Воевода раздумывал недолго:
– А пускай лечит, я ведь вижу, что недолго страдальцу жить осталось. А тут, чем черт не шутит, может и поможет чем, – сказав это, он стукнул себя по губам:
– Ну вот, опять нечистую силу вспомнил, ох прости господь прегрешения мои тяжкие. Давай лекарь, рассказывай дальше, какие-такие травы надо больному пить
– Вам Поликарп Кузьмич я все расскажу и покажу, но только не при этом немце, вон он стоит, уши уже навострил, хочет мои секреты выведать.

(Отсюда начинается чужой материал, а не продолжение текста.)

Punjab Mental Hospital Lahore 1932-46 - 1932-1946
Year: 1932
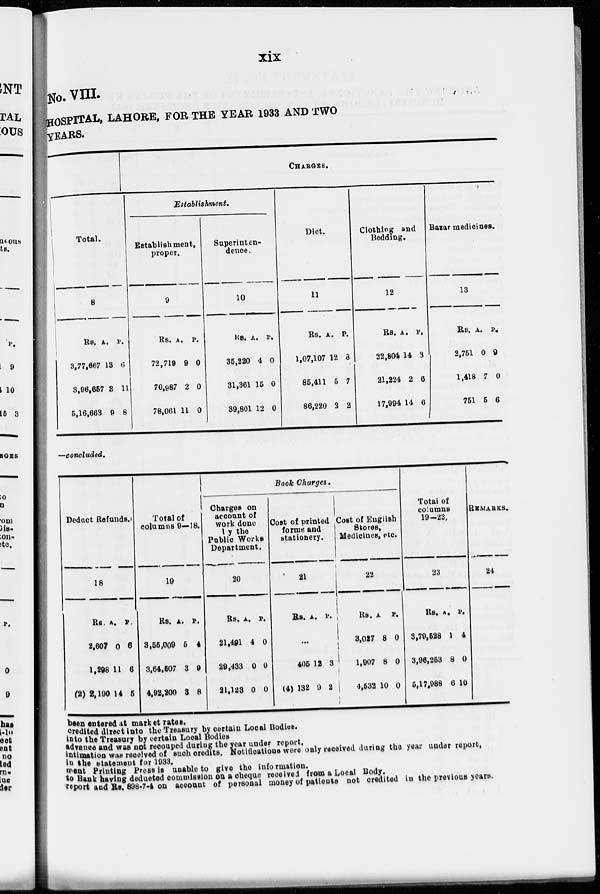
xix
No. VIII.
HOSPITAL, LAHORE, FOR THE YEAR 1933 AND TWO
YEARS.
Total.
8
Rs.
3,77,667
3,96,657
5,16,663
A.
13
3
9
P.
6
11
8
CHARGES.
Establishment.
Establishment,
proper.
9
Rs.
72,719
70,987
78,061
A.
9
2
11
P.
0
0
0
Superinten-
dence.
10
Rs.
35,220
31,361
39,801
A.
4
15
12
P.
0
0
0
Diet.
11
Rs.
1,07,107
85,411
86,220
A.
12
5
2
P.
8
7
2
Clothing and
Bedding.
12
Rs.
22,804
21,224
17,994
A.
14
2
14
P.
3
6
6
Bazar medicines.
13
Rs.
2,751
1,418
751
A.
0
7
5
P.
9
0
6
—concluded.
Deduct Refunds.
18
Rs.
2,607
1,298
(2) 2,190
A.
0
11
14
P.
6
6
5
Total of
columns 9—18.
19
Rs.
3,55,009
3,64,507
4,92,200
A.
5
3
3
P.
4
9
8
Book Charges.
Charges on
account of
work done
by the
Public Works
Department.
20
Rs.
21,491
29,433
21,123
A.
4
0
0
P.
0
0
0
Cost of printed
forms and
stationery.
21
Rs.
A. P.
...
405
(4) 132
12
9
3
2
Cost of English
Stores,
Medicines, etc
22
Rs.
3,027
1,907
4,532
A.
8
8
10
P.
0
0
0
Total of
columns
19-22.
23
Rs.
3,79,528
3,96,263
5,17,988
A.
1
8
6
P.
4
0
10
REMARKS.
24
been entered at market rates.
credited direct into the Treasury by certain Local Bodies.
into the Treasury by certain Local Bodies
advance and was not recouped during the year under report.
intimation was received of such credits. Notifications were only received during the year under report,
in the statement for 1933.
ment Printing Press is unable to give the information.
to Bank having deducted commission on a cheque received from a Local Body.
report and Rs. 898-7-4 on account of personal money of patients not credited in the previous years.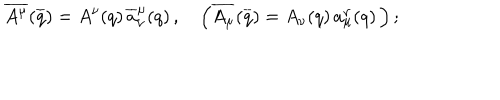
\overline { { { A ^ { \mu } } } } ( \overline { { { q } } } ) = A ^ { \nu } ( q ) \, \overline { { { a } } } _ { \nu } ^ { \mu } ( q ) \, , \quad \left( \overline { { { A _ { \mu } } } } ( \overline { { { q } } } ) = A _ { \nu } ( q ) \, { a } _ { \mu } ^ { \nu } ( q ) \, \right) ;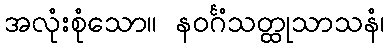
အလုံးစုံသော။ နဝင်္ဂံသတ္ထုသာသနံ၊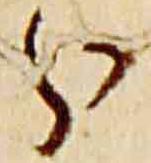
分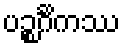
ပဉ္စင်္ဂိကဿ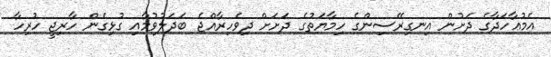
އެމުޢާހަދާގެ ދަށުން އިނގިރޭސިންގެ ހިމާޔަތުގެ ދަށަށް ދިވެހިރާއްޖެ ބަދަލުވުމާއި ގުޅިގެން ހާރިޖީ ހުރިހާ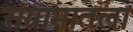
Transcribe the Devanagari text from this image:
संग्रामातला

– Хе, хе, довольно засмеялся воевода. Это ты правду сказал, у немца уши сразу покраснели. Пошел вон Курт! завтра за расчетом приходи.
И вот я остался в тереме воеводы, и лечу, так дорогого ему, дядьку. Все мои отвары и настойки, которые я каждый день приносил, мне приходилось пробовать самолично, затем пробовал холоп из дворни, и только после этого чашка с настойкой была у пациента. Несмотря на прием настоя наперстянки, и отвара хвощей, как мочегонного, запрета на соленую пищу, улучшение шло медленно. Удивительно, что оно вообще было. Уж очень было выражено атеросклеротическое поражение миокарда у больного. Но прошла неделя и больной смог встать и пройтись. Кроме того, я рекомендовал сводить его в баню после этого от него, по крайней мере, не воняло. Через месяц состояние больного улучшилось прилично, он выходил на улицу, мог вести достаточно длинные беседы с племянником. А я задумывался, что же делать дальше.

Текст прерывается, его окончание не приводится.